Seashore defends pheasant hunt
A federal court ruling is expected before the stocking program resumes.

By DAVID KIBBE
TIMES BOSTON BUREAU
BOSTON - A federal judge yesterday heard arguments from animal rights groups that want to prohibit pheasant hunting at the Cape Cod National Seashore in the belief that it violates its management plan.

U.S. District Court Judge Patti Saris declined to issue a temporary restraining order stopping the hunt last fall, saying there was too little time before hunting season to fully consider the matter.

Yesterday, she questioned whether anything had changed that would make the decades-old pheasant hunt harmful to the environment.

"Hunting has been going on there since the Pilgrims, right?" Saris asked lawyers for The Fund for Animals, which filed the lawsuit against the National Park Service last September.

Both sides sought a ruling without a full trial after the hearing. Saris is expected to issue a decision before hunting season resumes.

The issue before Saris is whether the Park Service needs to do a full study of the impact of the annual pheasant stocking and hunt under the National Environmental Policy Act.

Two residents, The Fund for Animals, the Humane Society, and the Massachusetts Society for the Prevention of Cruelty to Animals filed the lawsuit last fall. They are convinced that such a study would find that the introduction of pheasants violates the Park Service's management plan because they are not native to the area.

The state has stocked the park with pheasants since the 1940s. The Seashore has continued to allow the practice, which predates the creation of the park in 1961 and the passage of the National Environmental Policy Act in 1969.



Hunt's impact questioned
While various environmental studies have been done at the Seashore over the years, the Park Service has never issued a formal declaration that the pheasant hunt poses no significant impact.
Kimberly Ockene, a lawyer for The Fund for Animals, said the Seashore has never researched the impact of hunters, the dogs they use in the hunt and the safety of other visitors to the Seashore.

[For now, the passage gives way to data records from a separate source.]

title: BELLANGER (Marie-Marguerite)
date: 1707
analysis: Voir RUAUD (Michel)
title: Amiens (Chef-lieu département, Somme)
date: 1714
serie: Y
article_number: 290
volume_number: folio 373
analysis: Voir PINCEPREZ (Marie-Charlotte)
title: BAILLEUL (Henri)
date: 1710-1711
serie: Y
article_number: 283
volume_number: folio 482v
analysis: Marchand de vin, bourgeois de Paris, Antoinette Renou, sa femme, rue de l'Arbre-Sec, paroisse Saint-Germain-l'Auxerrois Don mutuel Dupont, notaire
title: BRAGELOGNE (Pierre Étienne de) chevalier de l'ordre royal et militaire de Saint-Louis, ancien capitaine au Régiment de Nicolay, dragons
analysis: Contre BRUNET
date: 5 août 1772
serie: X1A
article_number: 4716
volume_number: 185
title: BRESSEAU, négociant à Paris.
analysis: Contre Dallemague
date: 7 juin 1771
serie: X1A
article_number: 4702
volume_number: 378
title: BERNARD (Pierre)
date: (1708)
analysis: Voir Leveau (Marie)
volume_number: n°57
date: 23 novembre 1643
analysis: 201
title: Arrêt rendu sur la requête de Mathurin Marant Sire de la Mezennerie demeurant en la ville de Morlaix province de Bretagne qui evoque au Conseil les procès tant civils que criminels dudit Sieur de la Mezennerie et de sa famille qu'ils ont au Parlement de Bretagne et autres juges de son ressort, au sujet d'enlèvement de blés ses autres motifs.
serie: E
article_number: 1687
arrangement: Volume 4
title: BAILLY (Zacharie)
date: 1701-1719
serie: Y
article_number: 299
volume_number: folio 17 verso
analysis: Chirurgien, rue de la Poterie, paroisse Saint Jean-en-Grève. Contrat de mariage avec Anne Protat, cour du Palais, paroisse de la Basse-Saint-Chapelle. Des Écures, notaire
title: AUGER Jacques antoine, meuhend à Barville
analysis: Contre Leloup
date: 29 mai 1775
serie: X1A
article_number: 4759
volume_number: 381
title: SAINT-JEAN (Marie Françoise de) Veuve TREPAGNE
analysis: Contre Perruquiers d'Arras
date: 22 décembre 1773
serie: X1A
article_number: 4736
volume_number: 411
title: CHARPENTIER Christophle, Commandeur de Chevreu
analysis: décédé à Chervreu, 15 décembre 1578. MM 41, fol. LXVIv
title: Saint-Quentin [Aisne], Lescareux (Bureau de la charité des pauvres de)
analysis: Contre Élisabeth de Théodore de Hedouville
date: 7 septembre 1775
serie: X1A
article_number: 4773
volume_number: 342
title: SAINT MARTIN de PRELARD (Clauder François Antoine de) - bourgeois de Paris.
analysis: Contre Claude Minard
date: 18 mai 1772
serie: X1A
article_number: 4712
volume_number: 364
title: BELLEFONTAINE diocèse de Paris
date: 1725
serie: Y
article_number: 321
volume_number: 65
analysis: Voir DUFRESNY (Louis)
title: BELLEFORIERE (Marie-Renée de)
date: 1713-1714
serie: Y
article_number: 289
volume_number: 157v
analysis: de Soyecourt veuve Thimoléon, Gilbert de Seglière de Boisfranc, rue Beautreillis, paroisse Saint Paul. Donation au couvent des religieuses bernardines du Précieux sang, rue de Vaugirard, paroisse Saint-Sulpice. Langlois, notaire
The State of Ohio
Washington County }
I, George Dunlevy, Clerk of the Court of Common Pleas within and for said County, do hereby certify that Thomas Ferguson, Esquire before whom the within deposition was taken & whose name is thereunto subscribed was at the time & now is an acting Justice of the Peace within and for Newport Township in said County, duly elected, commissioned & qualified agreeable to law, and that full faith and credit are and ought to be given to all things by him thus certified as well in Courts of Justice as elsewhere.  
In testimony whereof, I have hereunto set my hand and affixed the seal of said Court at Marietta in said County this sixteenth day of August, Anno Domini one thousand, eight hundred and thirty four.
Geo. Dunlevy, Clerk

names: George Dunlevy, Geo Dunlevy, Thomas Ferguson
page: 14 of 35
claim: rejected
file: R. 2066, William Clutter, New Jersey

"We do have significant changes to the ecosystem," Ockene told the judge. "...It's very important that the public get a chance to weigh in on these issues."

Eugenia M. Carris, an assistant U.S. attorney, argued that the Seashore had done adequate environmental assessments over the years. She said they never showed a threat from hunting that would require further study under the National Environmental Policy Act.

She said it was up to The Fund for Animals, the Humane Society, and other groups that filed the lawsuit to prove there was a change in the hunt or to the environment to require such a study.

"There is nothing in the record that shows there is a significant effect on the quality of the environment from the general hunting program," Carris said.

Hunters make up 3 percent of the activity on the Seashore, and no hunting-related accident has been reported in 40 years, said Barbara Miller, a lawyer for the Massachusetts Sportsmen's Council and the Barnstable County League of Sportsmen's Clubs.

The Fund for Animals amended its complaint last year to challenge all hunting on the Seashore, but lawyers for the anti-hunting groups said their primary goal was still to stop the pheasant hunt. The Seashore also allows hunting of ducks, Canada geese, rabbits, squirrels, raccoons, foxes, coyotes and deer.

The Seashore is phasing out the pheasant hunt over the next several years in favor of native quail. Last fall, it cut the number of pheasants released at the Seashore from 800 to 500. Most are shot within several days.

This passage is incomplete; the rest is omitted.